Banyak lahan hijau diubah menjadi lapangan golf demi kepentingan orang kaya. Kawasan Monas seluas kurang lebih 1 km persegi bisa jadi merupakan satu-satunya kawasan publik di kota berpenduduk lebih dari 10 juta ini. Meskipun menyandang predikat kota maritim, Jakarta telah terpisah dari laut dengan Ancol menjadi satu-satunya lokasi rekreasi yang sebenarnya hanya berupa pantai kotor.

Even to take a walk in Ancol, a family of four has to spend approximately $4.50 (40,000 Indonesian Rupiahs) in entrance fees, something unthinkable anywhere else in the world. The few tiny public parks which survived privatization are in desperate condition and mostly unsafe to use.
Bahkan kalau mau jalan-jalan ke Ancol, satu keluarga dengan 4 orang anggota keluarga harus mengeluarkan uang Rp 40.000 untuk tiket masuk, satu hal yang tak masuk akal di belahan lain dunia. Beberapa taman publik kecil kondisinya menyedihkan dan tidak aman.

There are no sidewalks in the entire city, if one applies international standards to the word "sidewalk." Almost anywhere in the world (with the striking exception of some cities in the United State , like Houston and Los Angeles ) the cities themselves belong to pedestrians.

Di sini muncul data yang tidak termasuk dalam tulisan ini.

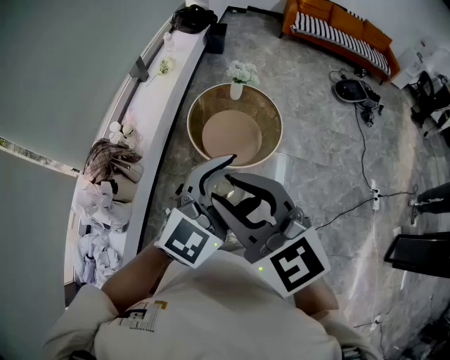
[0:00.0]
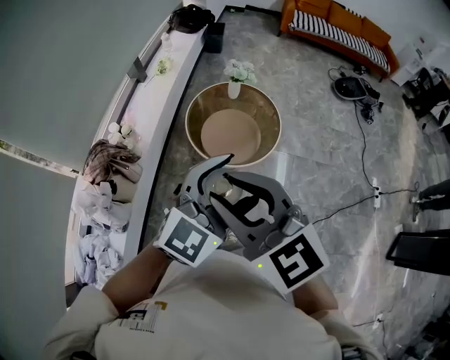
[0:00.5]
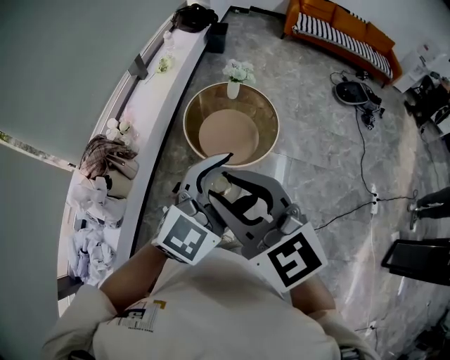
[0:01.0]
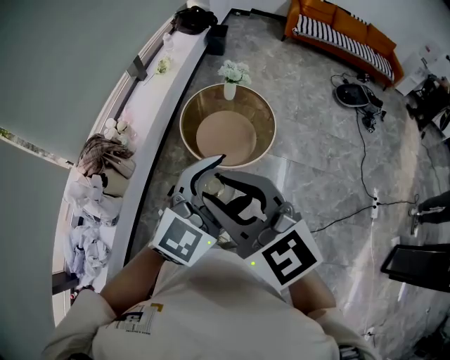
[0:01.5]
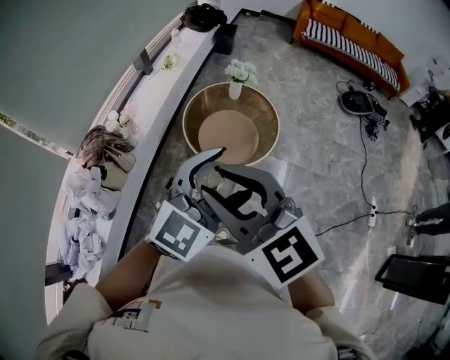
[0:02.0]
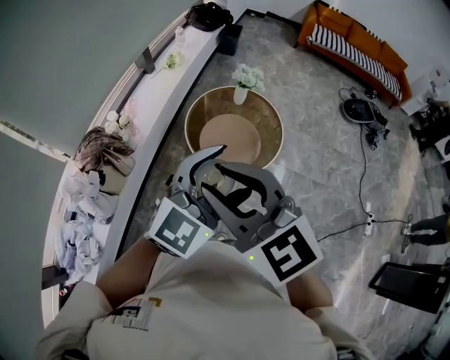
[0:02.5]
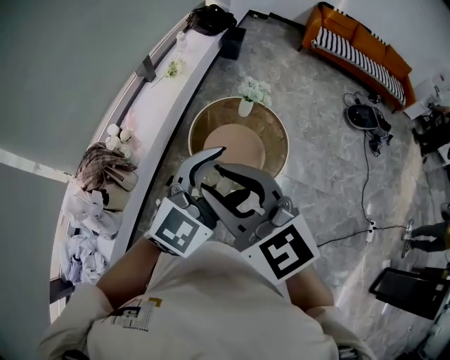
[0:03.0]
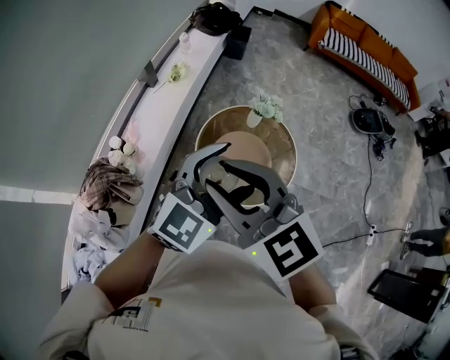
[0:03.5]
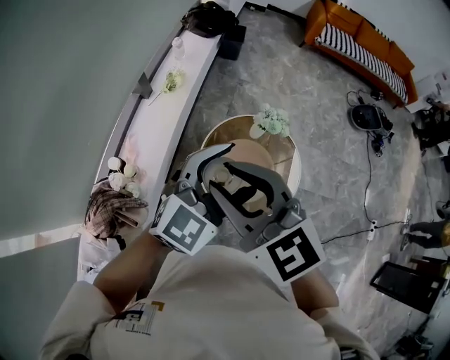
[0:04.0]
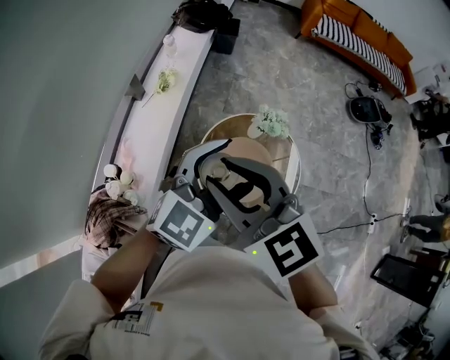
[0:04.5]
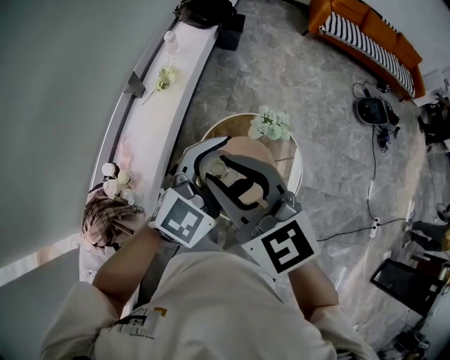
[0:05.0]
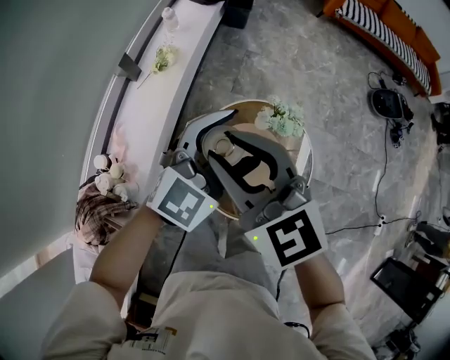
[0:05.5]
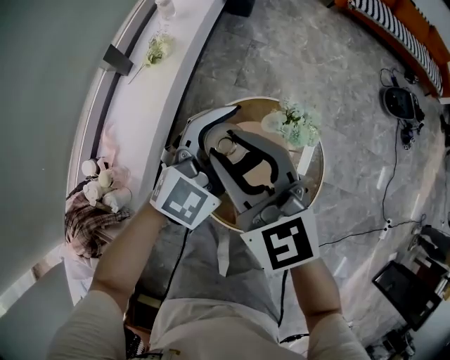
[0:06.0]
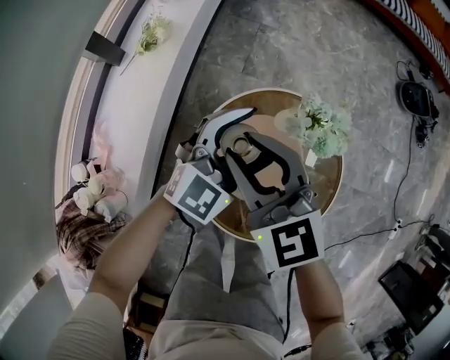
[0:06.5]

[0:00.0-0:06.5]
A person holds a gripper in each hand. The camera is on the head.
0:00.0 to 0:02.0: The two grippers go roughly 5 cm to the right.
0:02.0 to 0:04.5: The two grippers travel together, forward, roughly 50 cm.
0:04.5 to 0:06.5: The grippers both shift downward and forward by about 40 cm.

Cars are increasingly discouraged from travelling in the city centres. Wide sidewalks are understood to be the most ecological, healthy and efficient forms of short-distance public transportation in areas with high concentrations of people.
Sama sekali tidak ditemui tempat pejalan kaki di seluruh penjuru kota (tempat pejalan kaki yang dimaksud adalah sesuai dengan standar "internasional" ). Nyaris seluruh kota-kota di dunia (kecuali beberapa kota di AS, seperti Houston dan LA) ramah terhadap pejalan kaki. Mobil seringkali tidak diperkenankan berkeliaran di pusat kota . Trotoar yang lebar merupakan sarana tr ansportasi publik jarak pendek yang paling efisien, sehat, dan ramah lingkungan di daerah yang padat penduduk.

In Jakarta , there are hardly any benches for people to sit and relax, and no free drinking water fountains or public toilets. It is these small, but important, 'details' that are symbols of urban life anywhere else in the world.
Di Jakarta, nyaris tidak dijumpai bangku untuk duduk dan rileks, tidak ada keran air minum gratis atau toilet umum. Ini memang remeh, tapi sangat penting, merupakan suatu detil yang menjadi simbol kehidupan perkotaan di bagian lain dunia.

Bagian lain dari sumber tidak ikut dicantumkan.